**What to work on:** Please, could you print all the lines below exactly, leaving out the pictures?

[Source records]
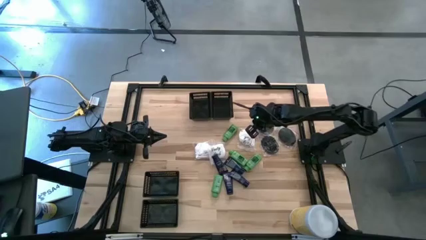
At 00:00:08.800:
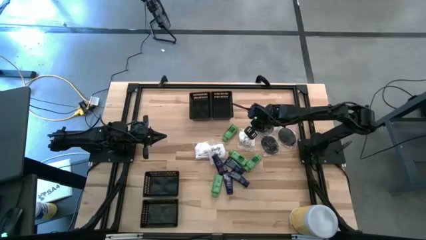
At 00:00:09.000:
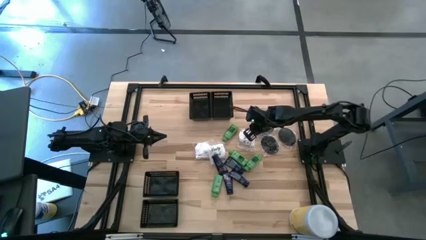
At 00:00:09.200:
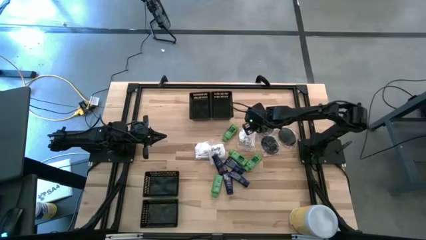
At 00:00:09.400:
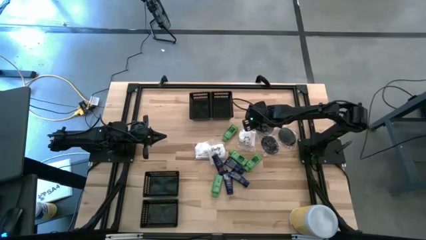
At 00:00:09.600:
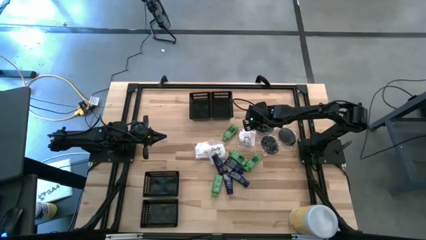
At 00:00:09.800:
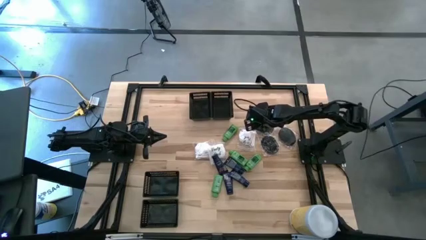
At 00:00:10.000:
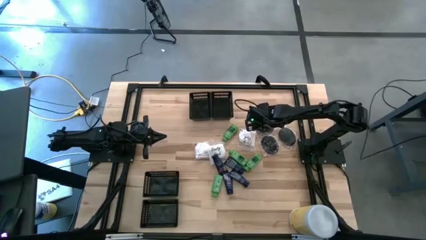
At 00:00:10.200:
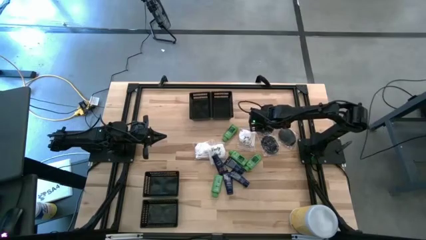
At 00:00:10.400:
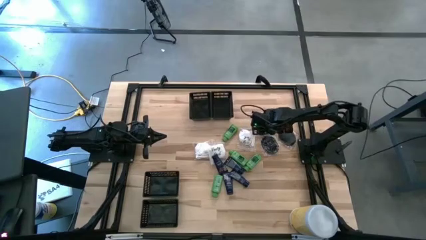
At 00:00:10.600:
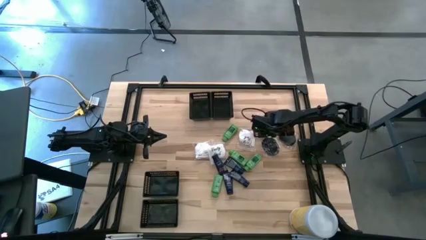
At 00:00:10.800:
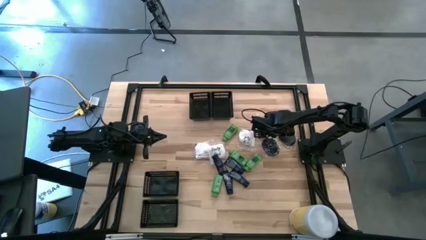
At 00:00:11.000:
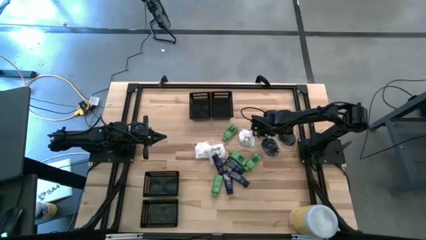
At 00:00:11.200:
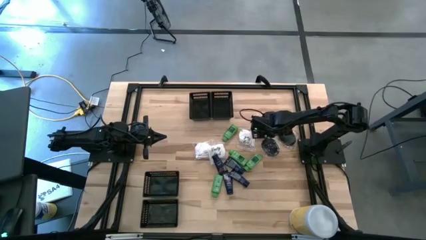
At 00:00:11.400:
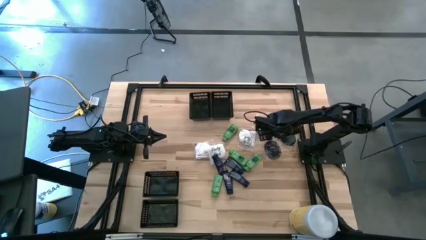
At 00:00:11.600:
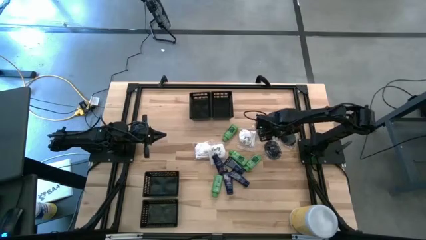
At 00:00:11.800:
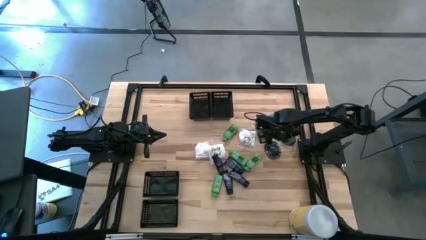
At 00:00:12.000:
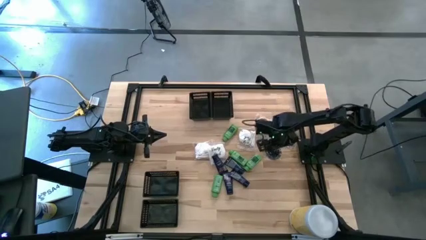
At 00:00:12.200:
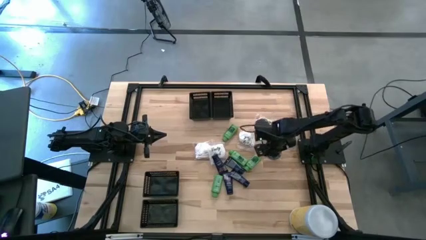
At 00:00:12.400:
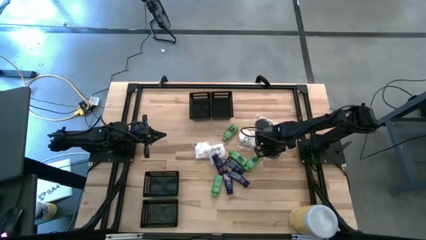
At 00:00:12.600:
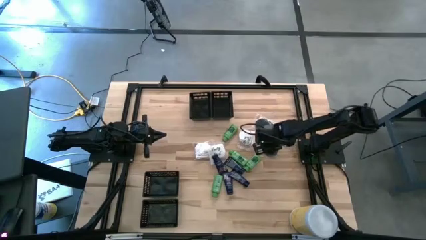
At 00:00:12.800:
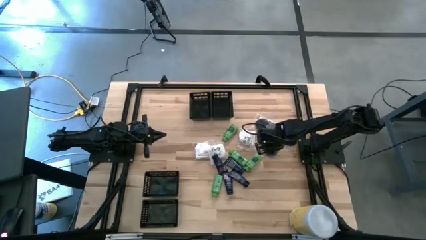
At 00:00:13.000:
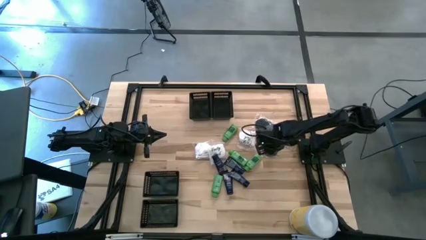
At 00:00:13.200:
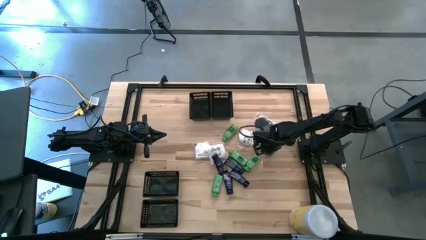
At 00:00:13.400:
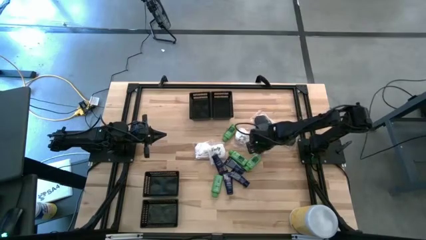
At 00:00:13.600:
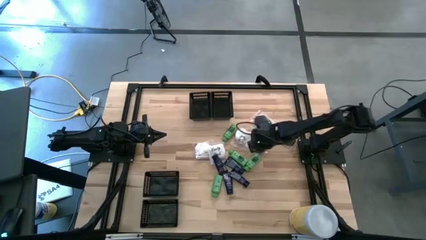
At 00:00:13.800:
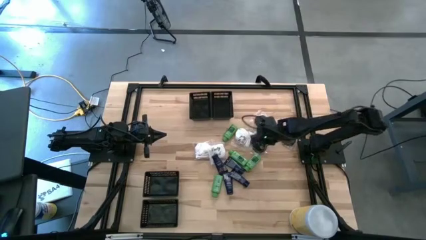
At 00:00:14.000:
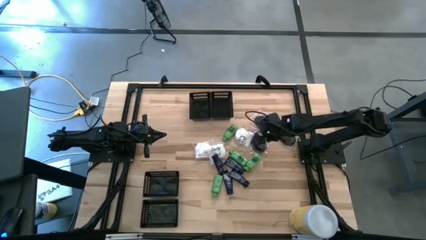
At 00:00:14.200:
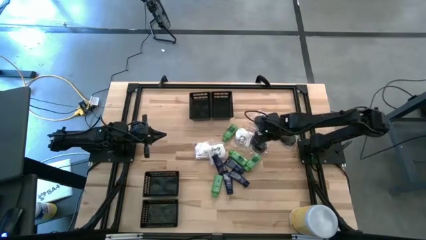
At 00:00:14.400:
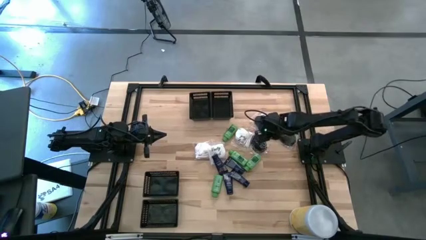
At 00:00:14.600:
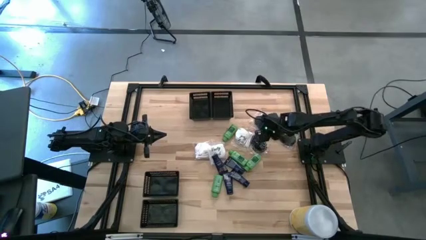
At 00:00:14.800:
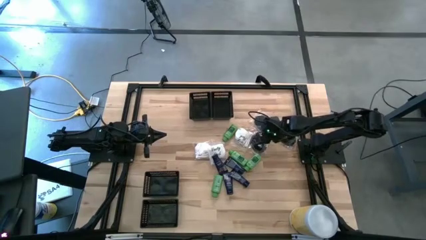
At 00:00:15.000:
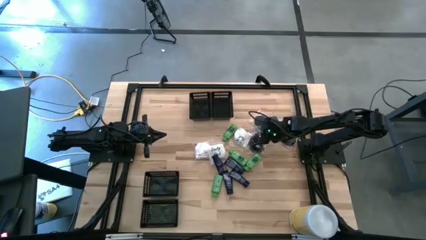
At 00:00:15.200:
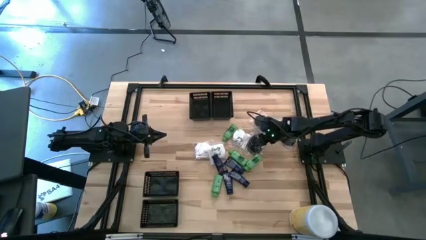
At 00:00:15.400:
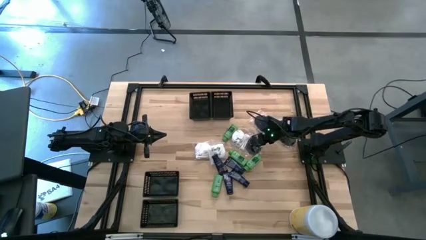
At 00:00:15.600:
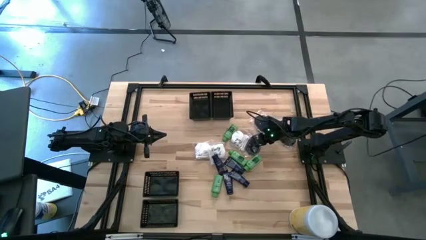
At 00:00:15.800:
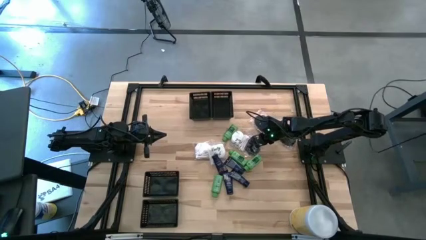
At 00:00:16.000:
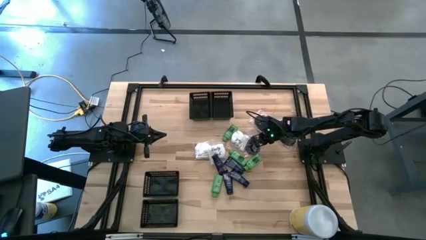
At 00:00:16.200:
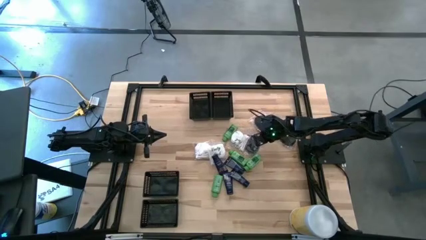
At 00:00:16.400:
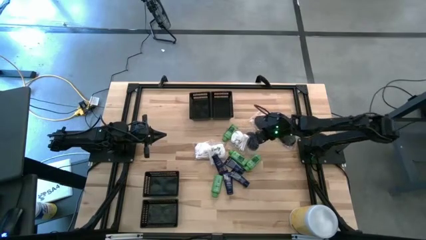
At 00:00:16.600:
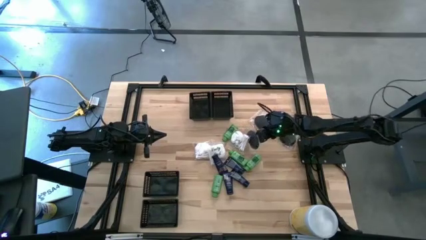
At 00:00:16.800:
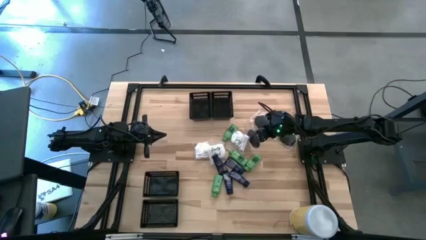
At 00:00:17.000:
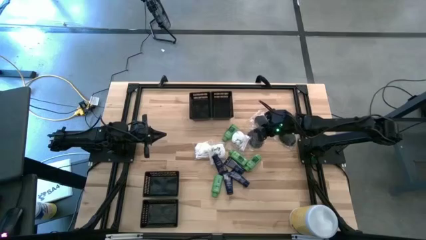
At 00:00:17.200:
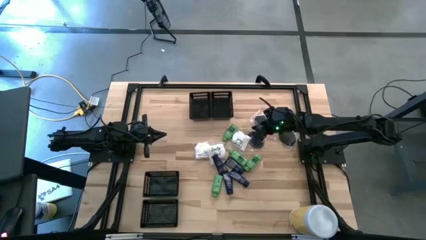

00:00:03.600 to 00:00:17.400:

**Expected answer:**
At 00:00:08.800:
At 00:00:09.000:
At 00:00:09.200:
At 00:00:09.400:
At 00:00:09.600:
At 00:00:09.800:
At 00:00:10.000:
At 00:00:10.200:
At 00:00:10.400:
At 00:00:10.600:
At 00:00:10.800:
At 00:00:11.000:
At 00:00:11.200:
At 00:00:11.400:
At 00:00:11.600:
At 00:00:11.800:
At 00:00:12.000:
At 00:00:12.200:
At 00:00:12.400:
At 00:00:12.600:
At 00:00:12.800:
At 00:00:13.000:
At 00:00:13.200:
At 00:00:13.400:
At 00:00:13.600:
At 00:00:13.800:
At 00:00:14.000:
At 00:00:14.200:
At 00:00:14.400:
At 00:00:14.600:
At 00:00:14.800:
At 00:00:15.000:
At 00:00:15.200:
At 00:00:15.400:
At 00:00:15.600:
At 00:00:15.800:
At 00:00:16.000:
At 00:00:16.200:
At 00:00:16.400:
At 00:00:16.600:
At 00:00:16.800:
At 00:00:17.000:
At 00:00:17.200:

00:00:03.600 to 00:00:17.400:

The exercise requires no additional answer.